From the line with "[00:00:51.200]" to the line with "[00:00:54.400]", output every line below exactly, both ends included. Skip the pictures.

:: DATA SHOWN

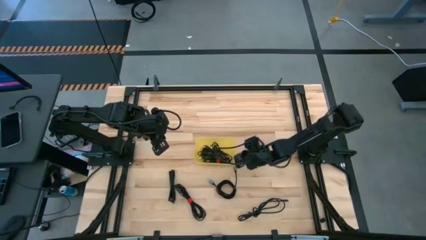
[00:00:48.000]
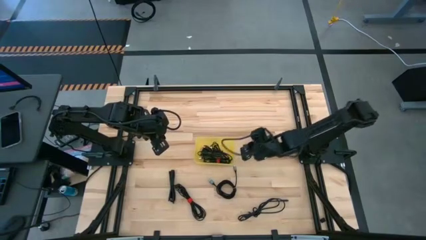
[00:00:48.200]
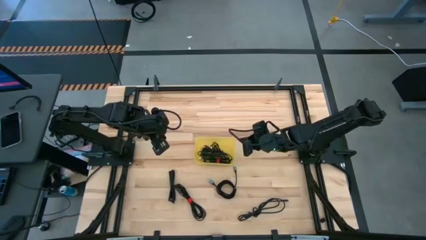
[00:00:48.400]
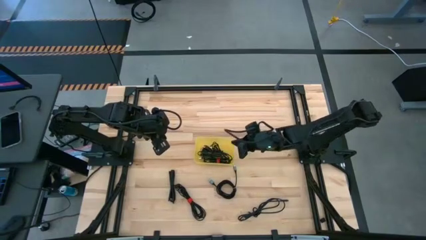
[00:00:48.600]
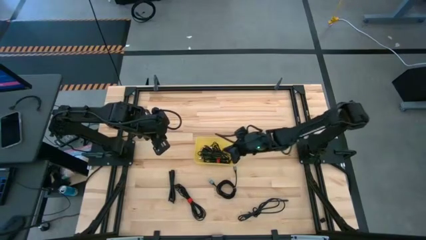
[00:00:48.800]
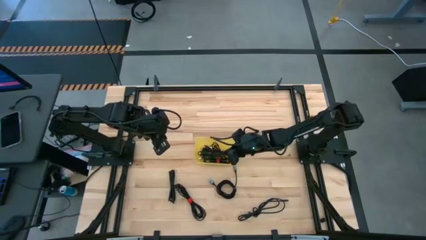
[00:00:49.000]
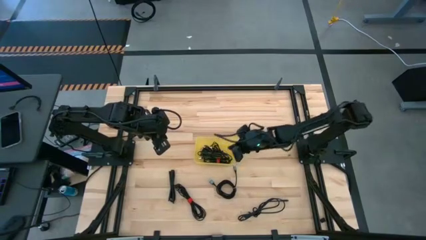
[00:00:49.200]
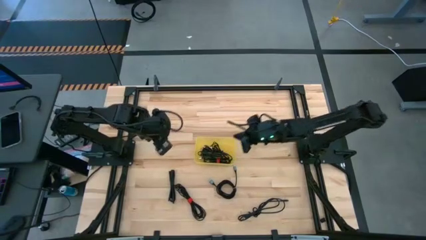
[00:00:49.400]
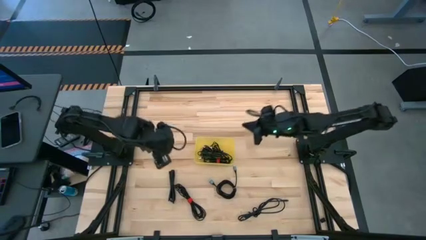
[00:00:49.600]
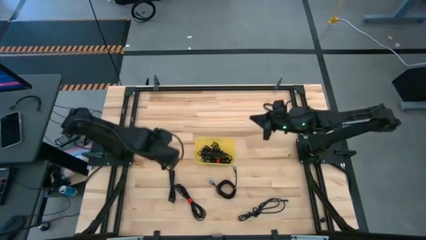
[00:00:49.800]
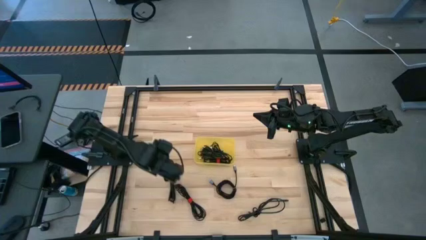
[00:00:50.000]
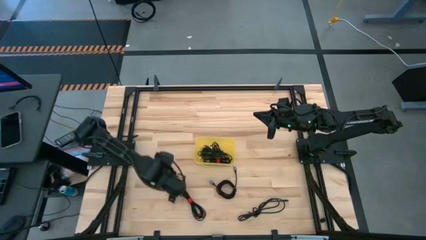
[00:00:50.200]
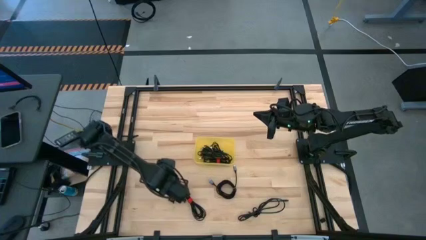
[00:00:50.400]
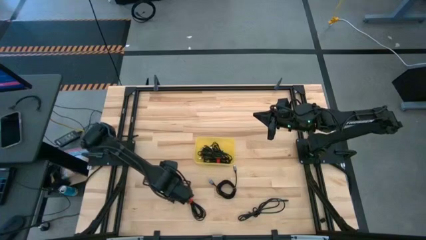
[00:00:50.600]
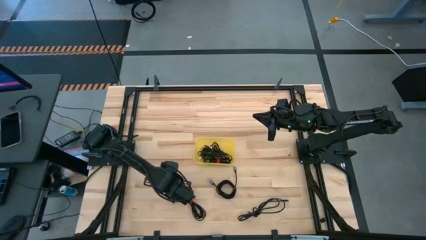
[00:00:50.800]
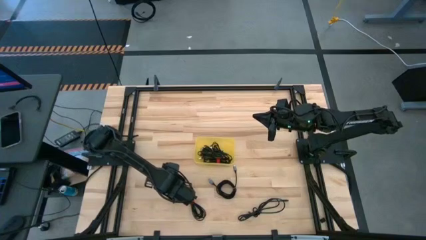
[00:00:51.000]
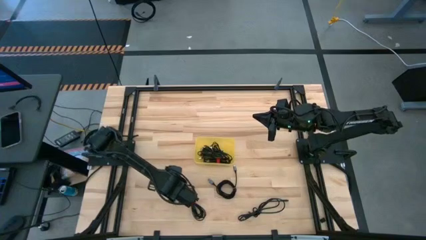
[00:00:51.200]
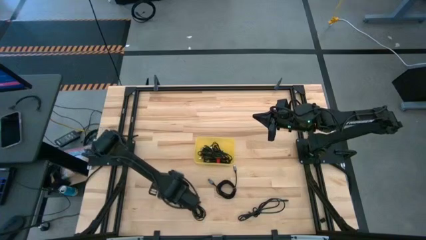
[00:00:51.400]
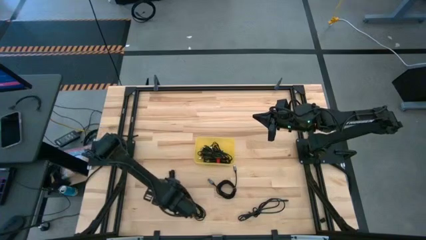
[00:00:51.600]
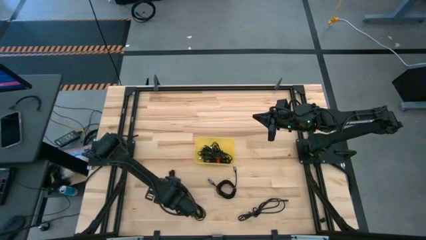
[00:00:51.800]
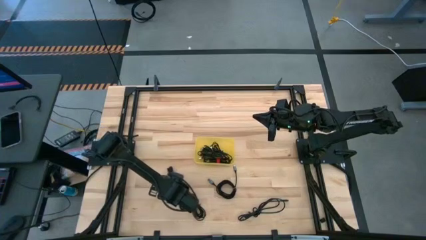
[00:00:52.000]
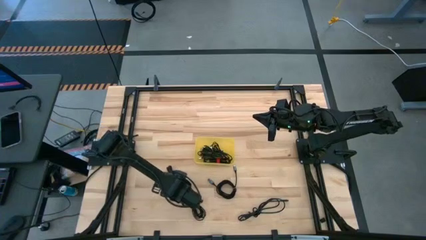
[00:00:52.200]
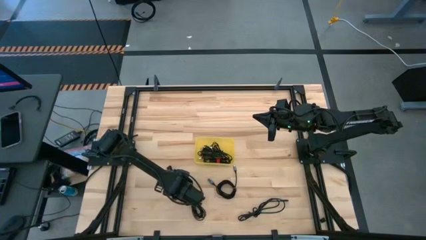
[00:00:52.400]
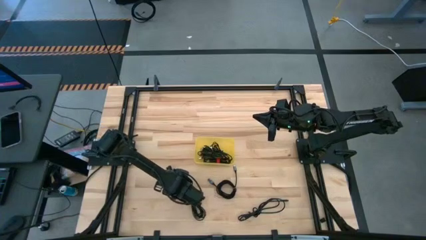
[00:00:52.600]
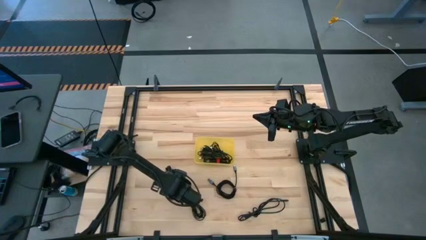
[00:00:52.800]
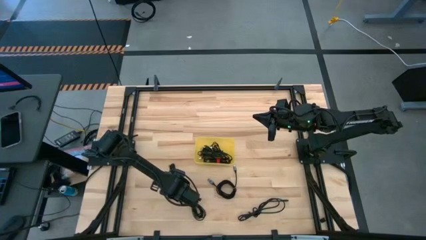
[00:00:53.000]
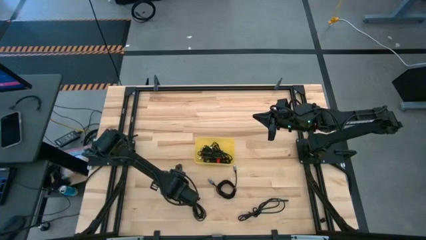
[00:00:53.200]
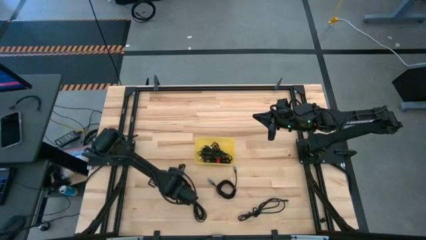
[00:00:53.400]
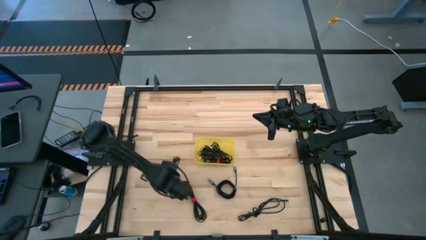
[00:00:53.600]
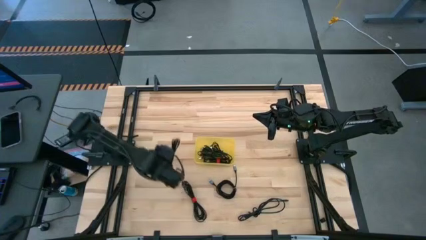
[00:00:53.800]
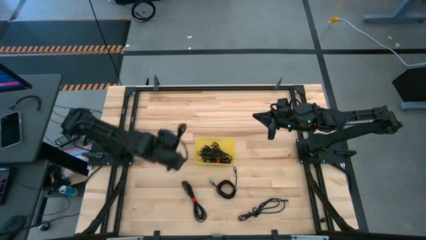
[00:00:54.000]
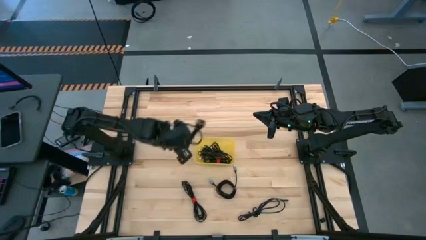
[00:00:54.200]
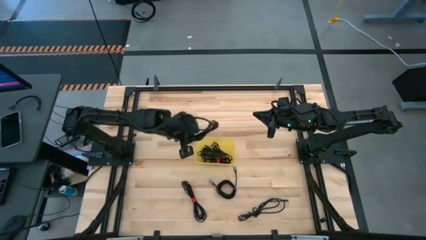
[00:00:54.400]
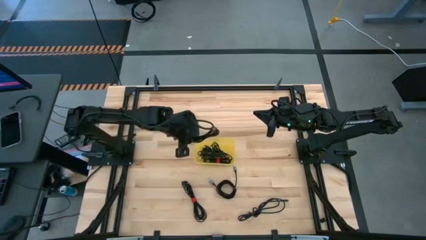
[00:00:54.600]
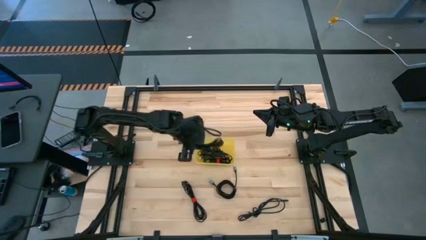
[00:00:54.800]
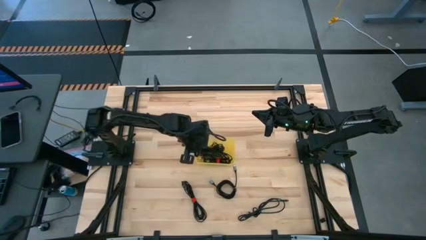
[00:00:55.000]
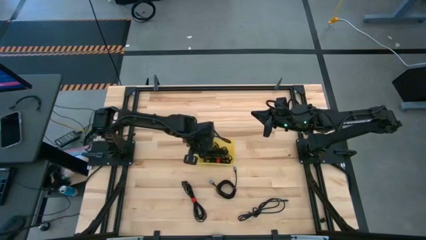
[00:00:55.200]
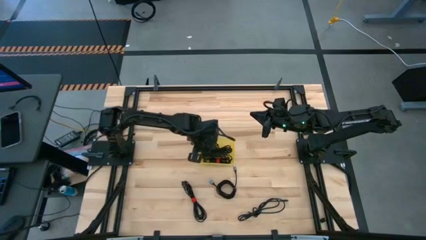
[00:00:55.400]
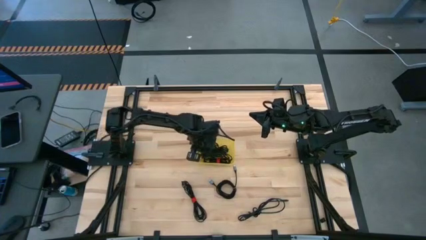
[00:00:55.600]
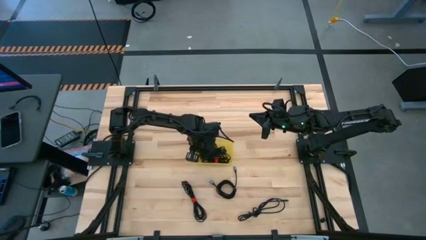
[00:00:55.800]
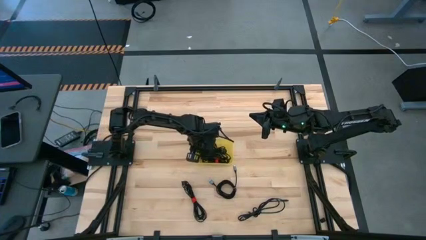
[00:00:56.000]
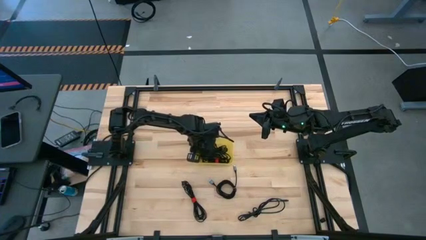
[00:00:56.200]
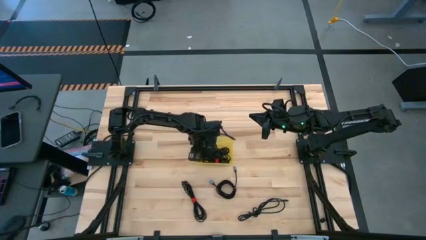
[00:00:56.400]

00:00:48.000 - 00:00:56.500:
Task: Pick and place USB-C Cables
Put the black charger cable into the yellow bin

::::
:: DATA SHOWN

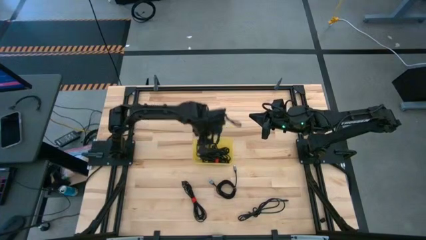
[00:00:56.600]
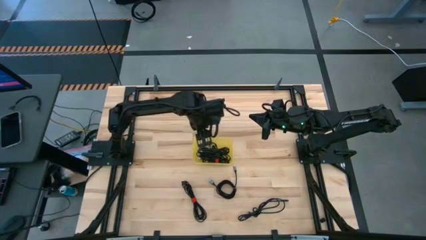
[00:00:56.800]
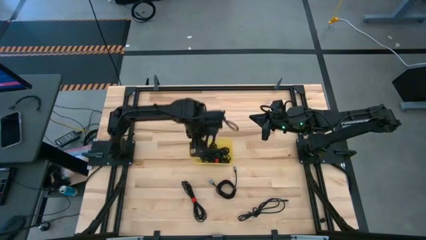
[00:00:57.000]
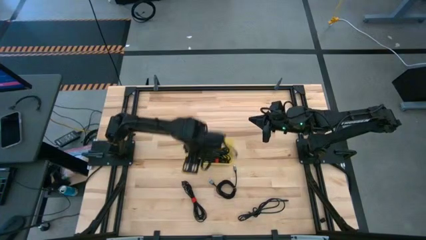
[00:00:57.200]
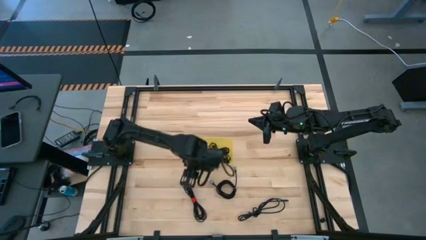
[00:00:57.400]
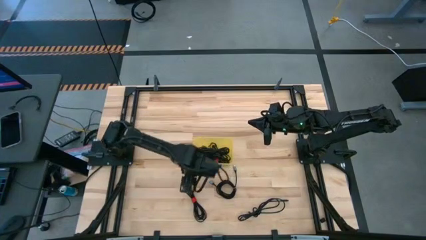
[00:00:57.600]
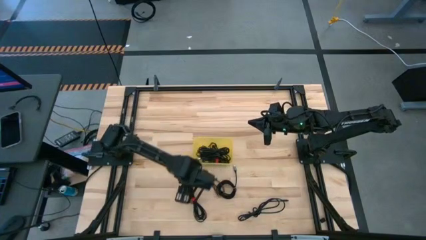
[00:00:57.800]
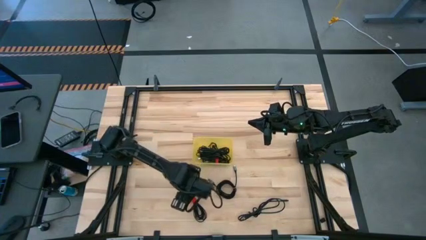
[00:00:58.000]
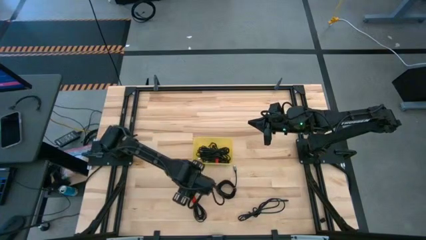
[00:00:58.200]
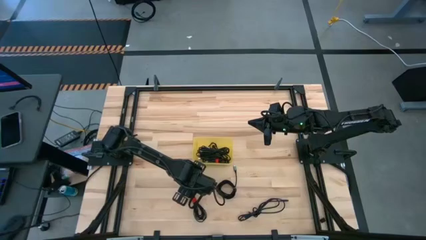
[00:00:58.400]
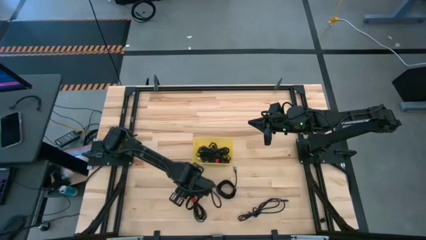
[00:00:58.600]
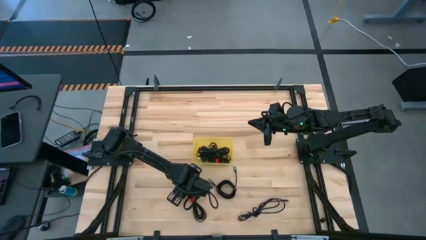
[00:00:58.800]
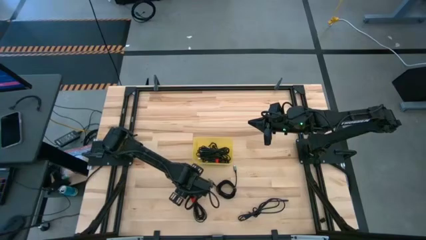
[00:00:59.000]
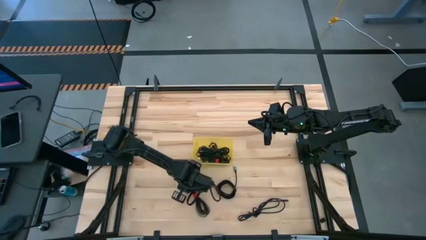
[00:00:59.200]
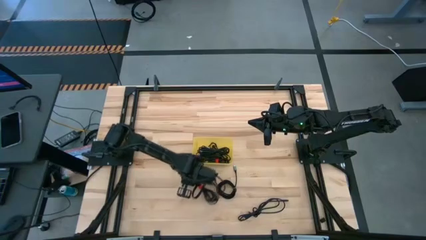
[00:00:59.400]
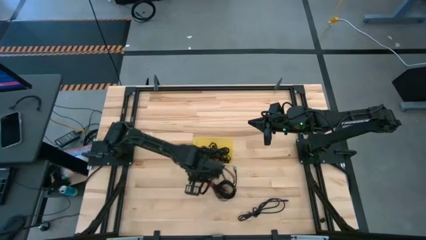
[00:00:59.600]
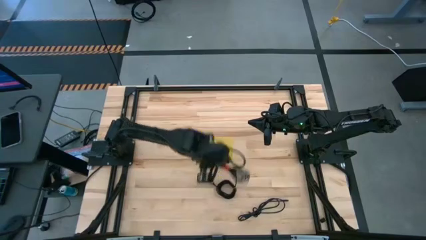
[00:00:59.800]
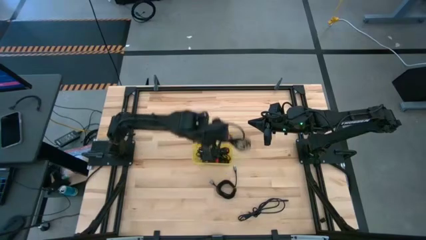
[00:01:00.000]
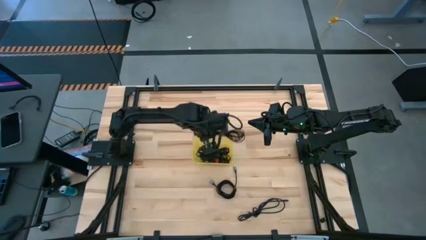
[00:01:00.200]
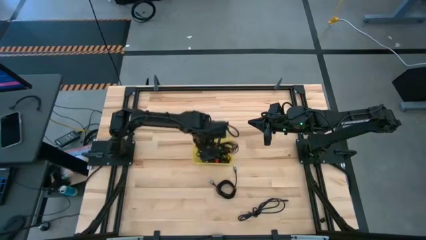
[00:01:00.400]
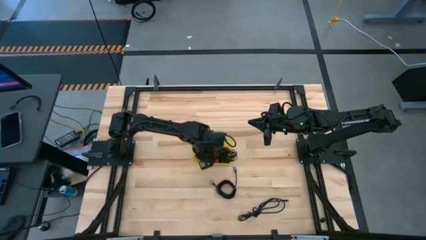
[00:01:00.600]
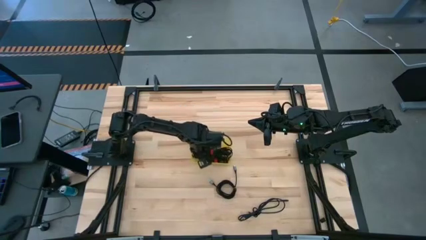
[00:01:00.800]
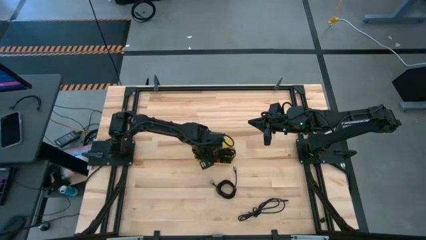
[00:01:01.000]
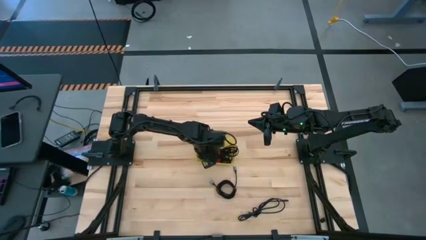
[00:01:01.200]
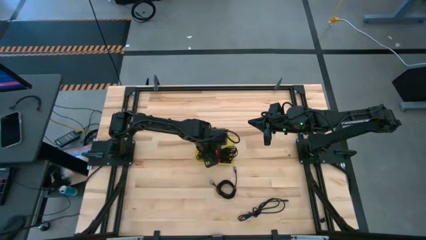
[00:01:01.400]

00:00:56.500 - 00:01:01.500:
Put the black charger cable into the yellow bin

::::

WRITTEN SOLUTION
[00:00:51.200]
[00:00:51.400]
[00:00:51.600]
[00:00:51.800]
[00:00:52.000]
[00:00:52.200]
[00:00:52.400]
[00:00:52.600]
[00:00:52.800]
[00:00:53.000]
[00:00:53.200]
[00:00:53.400]
[00:00:53.600]
[00:00:53.800]
[00:00:54.000]
[00:00:54.200]
[00:00:54.400]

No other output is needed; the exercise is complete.